Dr Sant’s comments on the firms’ future is a reflection of the sly advice that the man is being given to attain the highest possible impact from the increasingly weary voter.

Targeting vulnerable companies prone to some competition in a far larger market is a good move for someone aiming to attain the largest possible concern from within the eurosceptic camp.

But one cannot consider this tactic as either diligent or proper.

Dr Sant’s other comment refers to the financial package for students looking to take their studies abroad, which Dr Sant says he will be paying for. Or rather, for which this country will be paying for when it could otherwise be partaking of them at no charge.

Labour’s Lm1.5 million fund is aimed at funding programmes that would bridge Malta’s education system to other countries. Some money will be used in research aimed at improving our education system vis-à-vis our counterparts and prepare our students and children for the future. The rest of the money will be injected at the post-secondary and tertiary level.

Labour has also chosen to continue participating in the EU education programmes and initiatives, of which the government today already partly subsidises because it is not an EU member.

But Labour says that totally EU-funded programmes for member states are a myth – that these programmes are funded by taxes paid by member states to Brussels anyway.

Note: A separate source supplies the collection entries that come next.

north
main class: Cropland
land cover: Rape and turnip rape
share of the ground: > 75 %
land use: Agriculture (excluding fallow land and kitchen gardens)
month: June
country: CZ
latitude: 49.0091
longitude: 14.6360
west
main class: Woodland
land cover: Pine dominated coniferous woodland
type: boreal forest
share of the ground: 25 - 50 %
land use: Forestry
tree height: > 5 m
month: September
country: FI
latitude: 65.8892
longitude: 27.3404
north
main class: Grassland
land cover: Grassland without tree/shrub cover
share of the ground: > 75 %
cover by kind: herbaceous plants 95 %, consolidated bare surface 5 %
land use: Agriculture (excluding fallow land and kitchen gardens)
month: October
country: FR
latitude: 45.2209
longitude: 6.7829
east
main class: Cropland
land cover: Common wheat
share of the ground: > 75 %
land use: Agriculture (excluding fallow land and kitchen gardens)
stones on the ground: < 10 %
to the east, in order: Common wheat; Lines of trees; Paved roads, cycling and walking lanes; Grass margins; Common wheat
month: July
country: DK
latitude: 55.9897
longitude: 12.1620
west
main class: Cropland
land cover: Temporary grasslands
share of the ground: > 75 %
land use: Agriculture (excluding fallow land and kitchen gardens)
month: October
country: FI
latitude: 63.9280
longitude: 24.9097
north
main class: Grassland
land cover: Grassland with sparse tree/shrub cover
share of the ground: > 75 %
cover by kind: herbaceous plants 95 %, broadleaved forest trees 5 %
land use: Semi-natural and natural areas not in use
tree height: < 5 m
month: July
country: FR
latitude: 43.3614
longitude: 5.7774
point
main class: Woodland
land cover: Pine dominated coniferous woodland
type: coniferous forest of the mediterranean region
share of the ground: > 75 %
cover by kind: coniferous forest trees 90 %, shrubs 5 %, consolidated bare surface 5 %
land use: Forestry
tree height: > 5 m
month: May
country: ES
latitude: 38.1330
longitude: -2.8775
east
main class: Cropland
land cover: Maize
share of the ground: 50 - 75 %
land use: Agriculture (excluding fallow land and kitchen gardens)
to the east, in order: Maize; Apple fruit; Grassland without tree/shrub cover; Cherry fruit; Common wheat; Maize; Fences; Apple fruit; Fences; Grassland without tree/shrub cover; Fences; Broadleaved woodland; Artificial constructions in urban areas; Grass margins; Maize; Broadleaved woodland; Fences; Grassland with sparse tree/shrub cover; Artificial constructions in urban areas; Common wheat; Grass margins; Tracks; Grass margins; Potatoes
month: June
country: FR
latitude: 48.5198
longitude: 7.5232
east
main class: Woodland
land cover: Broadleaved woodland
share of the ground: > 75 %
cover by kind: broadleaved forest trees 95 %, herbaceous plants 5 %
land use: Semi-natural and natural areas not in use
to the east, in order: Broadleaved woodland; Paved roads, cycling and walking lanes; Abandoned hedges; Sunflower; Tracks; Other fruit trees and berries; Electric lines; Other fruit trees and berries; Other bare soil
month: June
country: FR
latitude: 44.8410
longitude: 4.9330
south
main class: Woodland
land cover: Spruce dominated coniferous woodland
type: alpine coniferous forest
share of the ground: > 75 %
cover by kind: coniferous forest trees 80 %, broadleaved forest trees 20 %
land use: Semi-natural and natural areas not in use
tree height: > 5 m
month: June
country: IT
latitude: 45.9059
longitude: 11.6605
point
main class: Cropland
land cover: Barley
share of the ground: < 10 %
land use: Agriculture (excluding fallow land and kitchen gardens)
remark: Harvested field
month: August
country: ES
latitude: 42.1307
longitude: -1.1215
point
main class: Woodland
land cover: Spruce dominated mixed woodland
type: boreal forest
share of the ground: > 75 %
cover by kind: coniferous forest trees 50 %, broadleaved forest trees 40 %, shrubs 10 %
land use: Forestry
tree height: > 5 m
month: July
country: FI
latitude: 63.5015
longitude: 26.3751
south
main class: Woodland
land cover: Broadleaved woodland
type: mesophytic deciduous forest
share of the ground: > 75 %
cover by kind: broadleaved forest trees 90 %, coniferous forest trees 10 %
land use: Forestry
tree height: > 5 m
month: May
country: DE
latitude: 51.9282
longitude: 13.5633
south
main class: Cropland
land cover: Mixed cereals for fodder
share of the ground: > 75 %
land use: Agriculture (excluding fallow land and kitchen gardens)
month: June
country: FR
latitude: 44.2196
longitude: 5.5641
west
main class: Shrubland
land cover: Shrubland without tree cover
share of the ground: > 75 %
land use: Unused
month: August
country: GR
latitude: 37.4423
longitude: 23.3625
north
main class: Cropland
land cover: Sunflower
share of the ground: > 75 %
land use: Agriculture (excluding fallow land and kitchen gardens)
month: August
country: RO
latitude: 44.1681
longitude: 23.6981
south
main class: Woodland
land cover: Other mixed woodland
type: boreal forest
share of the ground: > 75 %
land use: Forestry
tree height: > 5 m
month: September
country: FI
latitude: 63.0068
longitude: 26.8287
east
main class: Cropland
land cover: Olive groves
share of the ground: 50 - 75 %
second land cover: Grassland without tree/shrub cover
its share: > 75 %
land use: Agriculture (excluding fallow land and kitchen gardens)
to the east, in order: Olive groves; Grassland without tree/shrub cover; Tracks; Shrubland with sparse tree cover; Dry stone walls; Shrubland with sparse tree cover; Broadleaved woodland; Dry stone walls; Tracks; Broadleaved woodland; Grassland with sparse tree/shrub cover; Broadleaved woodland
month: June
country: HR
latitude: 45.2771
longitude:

For Labour, it seems that it would be better for Malta to fork out the money directly, rather than having 25 countries pooling their contributions together and generate equal opportunities for all our children and students.

If this is what partnership boils down to, then there’s a skewed logic of desperation at work here.

The question here is – where will Labour get its Lm1.5 million for its education fund from ? And the answer is – our taxes.

Labour has nowhere else to go, apart from turning back and scooping up taxes to fund what are nothing but sound-bites intended to sweeten the partnership spiel. There will be more to come in the future of half-baked plans that are supposed to entice the voter into thinking that paying their way out should be better than receiving a beneficiary.

Partnership is no panacea this way. The country has come this far in recognising it has to cure its educational, environmental, social and economic ills.

But not by sticking to what has been Malta’s inward-looking economic formula for the last 50 years. But that’s Labour’s take on the way forward. And it’s called partnership.